Accordingly taking any form of leave must follow the procedures established in either an employment instrument or in accordance with the relevant Acts.

Will isolation count against leave?

This will depend on what arrangement is made between yourself and your employer. While an employer may direct you to see a doctor or stay home you cannot be forced to use any accrued leave. However, if you do not elect to take a form of paid leave, your employer has no legal obligation to pay your wages. You must therefore carefully consider your personal circumstances before electing to take unpaid leave.

If possible, look to make alternative arrangements with your employer such as working remotely or a compromise in terms of the amount and type of leave taken. You may have a formal right under your employment agreement to request a flexible or alternative working arrangement. In addition, full or part-time employees with 12 months of continuous service may also have a right to request a flexible or alternative working arrangement under the FWA.

Requests for flexible work arrangements must be seriously considered by the employer and can only be refused on reasonable business grounds. Workplace regulators have encouraged employees and employers to work together to find solutions to meet the needs of workplaces and staff.

Can I be directed to take leave?

Employers cannot direct employees to take sick leave. An employer may direct an employee to leave the work place or attend a doctor if they suspect they are suffering from an illness.

In regard to annual leave, under the FWA an employer can direct an employee to take annual leave, but only when the request is reasonable. In assessing whether a direction is reasonable, the following factors are relevant:

  • The needs of the employee and the business;
  • Any arrangements in place;
  • Custom and practice of the business;
  • Timing of the direction or requirement to take leave; and
  • The length of the period of notice to take leave given.

Directions to take leave during shut down periods have been held to be reasonable. On this basis it appears that a direction issued at this time may be reasonable.

Can an employee be dismissed while on leave?

An employee may be dismissed while on leave provided that the reasons for termination are not based on or related to the employee taking leave.

In regard to personal/carers leave, section 352 of the FWA provides the protection for employees temporarily absent because of illness or injury. There are however two exceptions: where the employee’s absence extends beyond three (3) months; or where the total absences over a 12-month period equate to more than three (3) months and the employee is not on paid person/carer’s leave.
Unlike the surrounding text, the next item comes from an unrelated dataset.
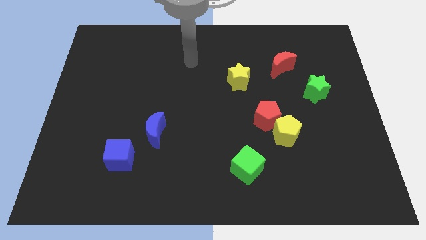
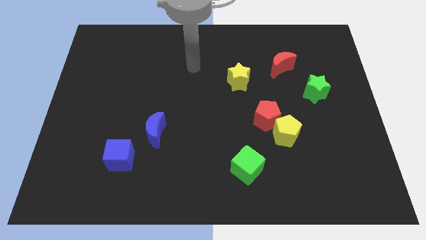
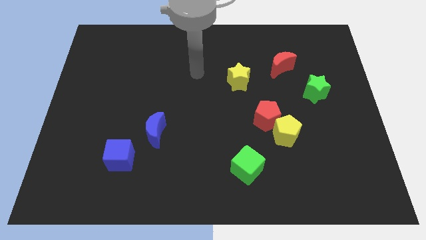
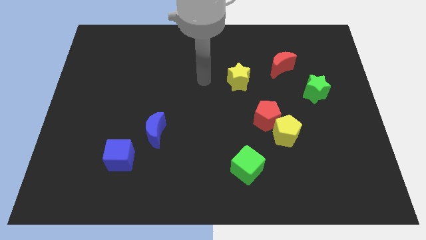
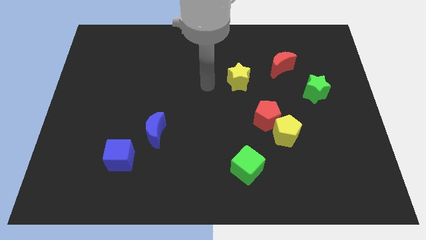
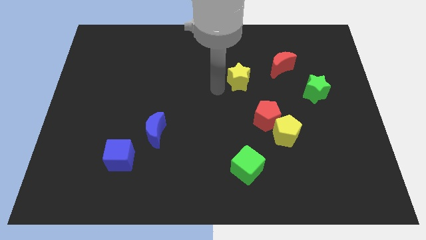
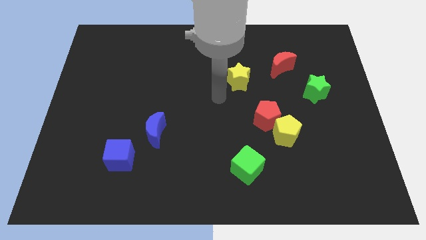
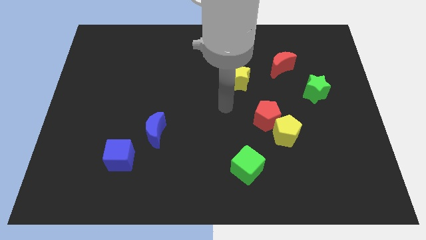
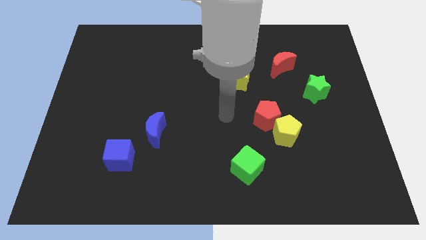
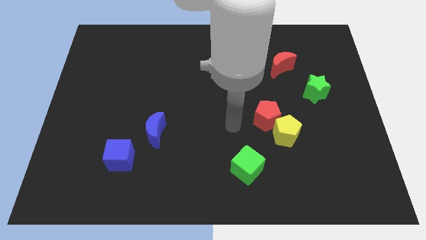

There is not a similar protection for those on annual leave. However, a dismissal effected while an employee is on annual leave may give rise to certain general protections such as the protection against unfair dismissal. Employers should be careful in complying with their termination obligations in this regard.

Can an employer make directions to an employee?

Yes, an employer is entitled to make a number of directions in regard to an employee’s work provided the direction is reasonable and do not place an employee at imminent risk.

Directions that can be made include:

  • A direction to work from home;
  • A direction to continue working;
  • A direction to leave the workplace and attend a medical facility;
  • A direction to take annual leave;
  • A direction to cease work.

Typically, when a direction is made, the employer will bear a continuing obligation to pay wages and entitlements. In circumstances where business is stopped, this may not be financially viable. Employers should accordingly consider their circumstances.

Can employees refuse to attend work?

This is a complicated question and there is no simple yes or no answer.

Whether refusing to attend the workplace is a legitimate exercise of a workplace right or undertaking of industrial action is highly dependent on all the circumstances surrounding the refusal. There is no clear answer that will apply to all types of employees. Best practice in this situation is for the employee to communicate their concerns with their employer and attempt to make alternate arrangements such as working from home.

Can workers be stood down without pay?

Usually when an employee is stood down, they are still considered ‘employed’ and accordingly are paid salary and receive entitlements, however in certain circumstances, a worker can be stood down without pay.

If an employment agreement does not include stand down provisions, the circumstances in which a stand down is permitted are outlined in section 524 of the FWA. This section provides that an employee may be stood down during a period where they cannot usefully be employed during one of three situations. Most relevant to the current situation is “a stoppage of work for any cause for which the employer cannot reasonably be held responsible.”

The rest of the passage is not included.